Little Miss Sunshine

Proust and Nietzsche collide as the Hoover family travels to California so little Olive can take part in the Little Miss Sunshine beauty pageant. Crossing states in a beat up yellow VW camper, all manner of shit happens and the previously disjointed family suddenly becomes close and each character realises their own self worth.
Prettily shot and filled with atypical characters, this film uses a lot of contrasts to highlight all the main points and there's a sense of attachment to the incredibly bizarre story. Most people would probably call the family dysfunctional, but you're probably going to leave thinking "What's normal then?" instead. Here normal becomes strange and absurd and you realise there is no such thing as normality, only what you accept of yourself and each other. That's why the family unit makes so much sense, because they care about you regardless of what you may or may not be.

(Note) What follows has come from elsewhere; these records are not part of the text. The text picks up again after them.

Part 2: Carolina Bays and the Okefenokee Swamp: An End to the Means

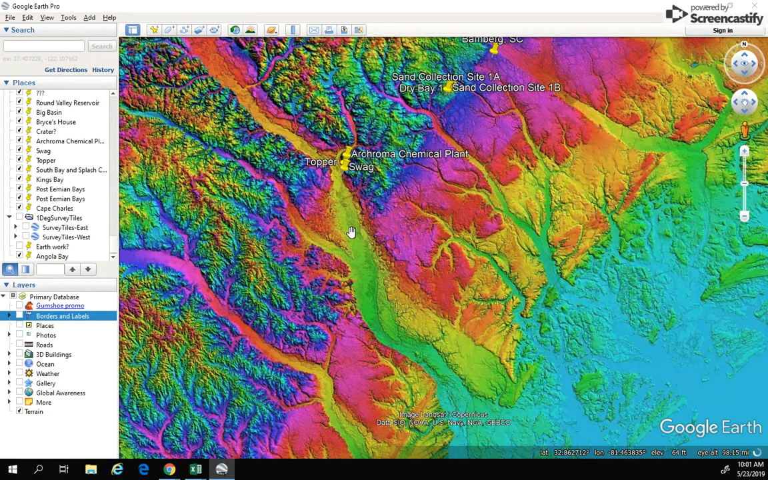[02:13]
humongous flood basins, these humongous floodplains that we see here in the south, you know, just moving a tremendous amount of water very, very quickly and for a very short amount of time, I think. And so we have these running all the way up to the ocean. And you can see here the ocean was another hundred miles offshore at the time.
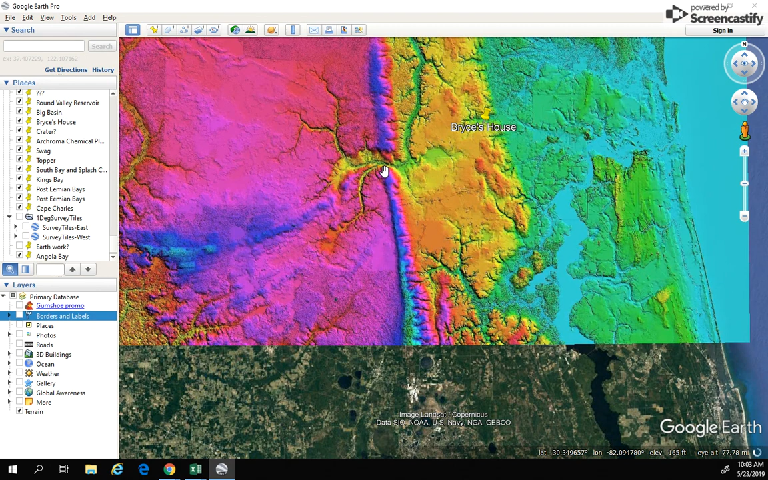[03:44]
However, we do have a breach of Trail Ridge here. I believe that this was the birth of the St. Mary's River. And so we actually see here, and you can see just by looking at this frame, you know, after this breach occurred, you know, just a tremendous water flowed through here. It looks like it almost cut through, making a new river channel to the sea. But it did start to flow north. And this is now the today St. Mary's River. But you can see here, you know, how much of this material got taken and stripped out with this breach.
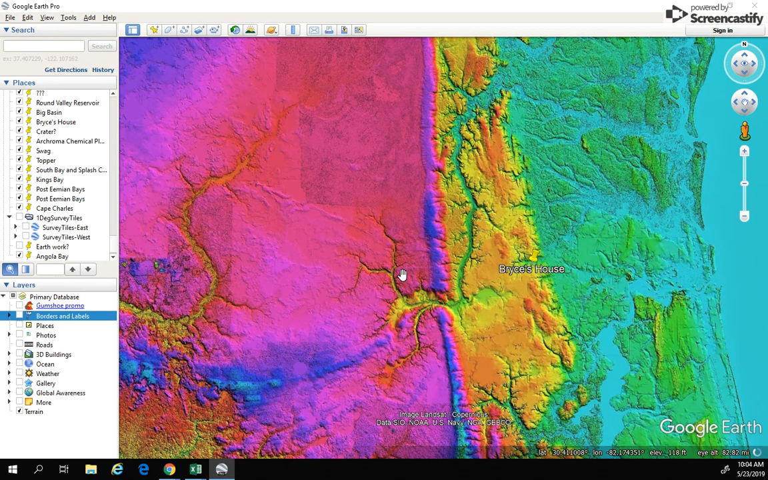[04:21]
You know, this massive movement of water draining a lot of what, you know, this area would have been, you know, a shallow lake. And, you know, anything that got washed downstream, you know, with it, anything in this area here that got washed down, collected here. And there was, there was, this is the main drainage of the Okefenokee. This is the Suwannee River. I did want to point out the Alapaha River right here. The Alapaha is a huge, you know, it's a huge floodplain. But if I click off of the, you know,
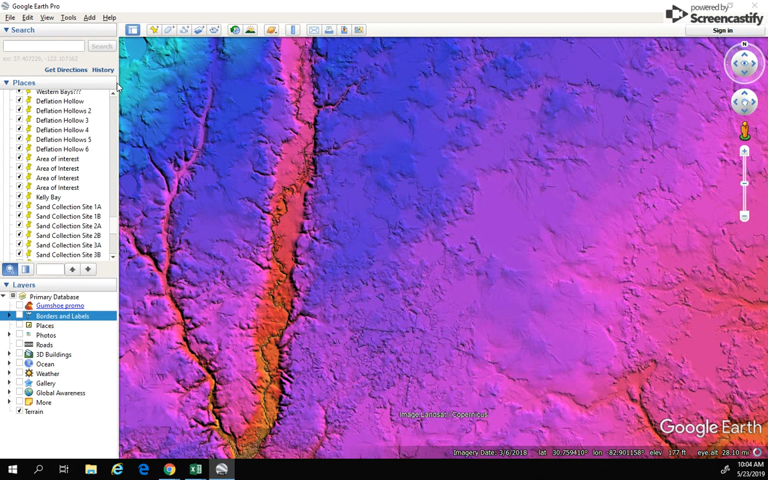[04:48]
this elevation here, you can see it's just a tiny, tiny, I mean, almost like a drainage ditch now running through this area.
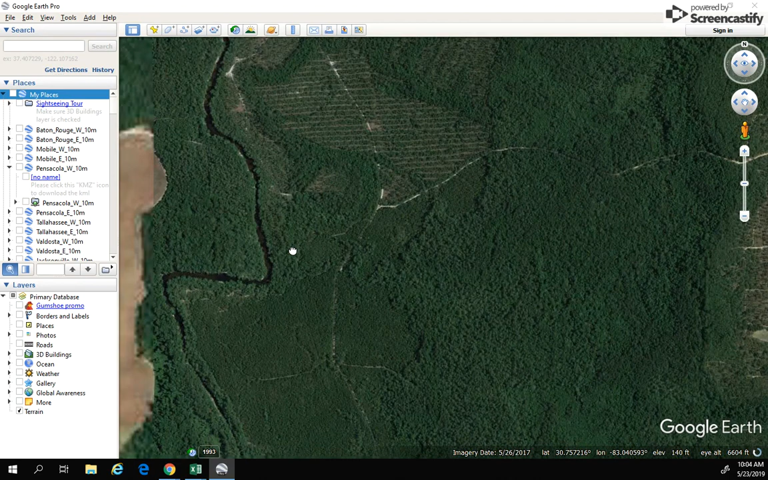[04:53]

The father Richard is a none too motivational motivational speaker played by Greg Kinnear, who manages to come across as obstinately irritating. The matriarch Sheryl is played by Toni Collette, who holds the whole family together. Alan Arkin plays the grandfather, who forms this strange guiding presence over every character and I feel epitomises the spirit of the movie. Steve Carell plays Frank, whose failed suicide starts off the show. Paul Dano is Dwayne, the indie kid with a mop for hair, nihilist tastes and a vow of silence. Abigail Breslin is Olive, the subject of the show, the person you think for and hope for and though she may not fall into the usual category of pageant girls, she attracts in another way entirely.
Great film to watch and certainly something to think over, especially in this day and age, where "talent" shows form a large part of our television diet, models strut like skeletons and Ben Affleck is an actor.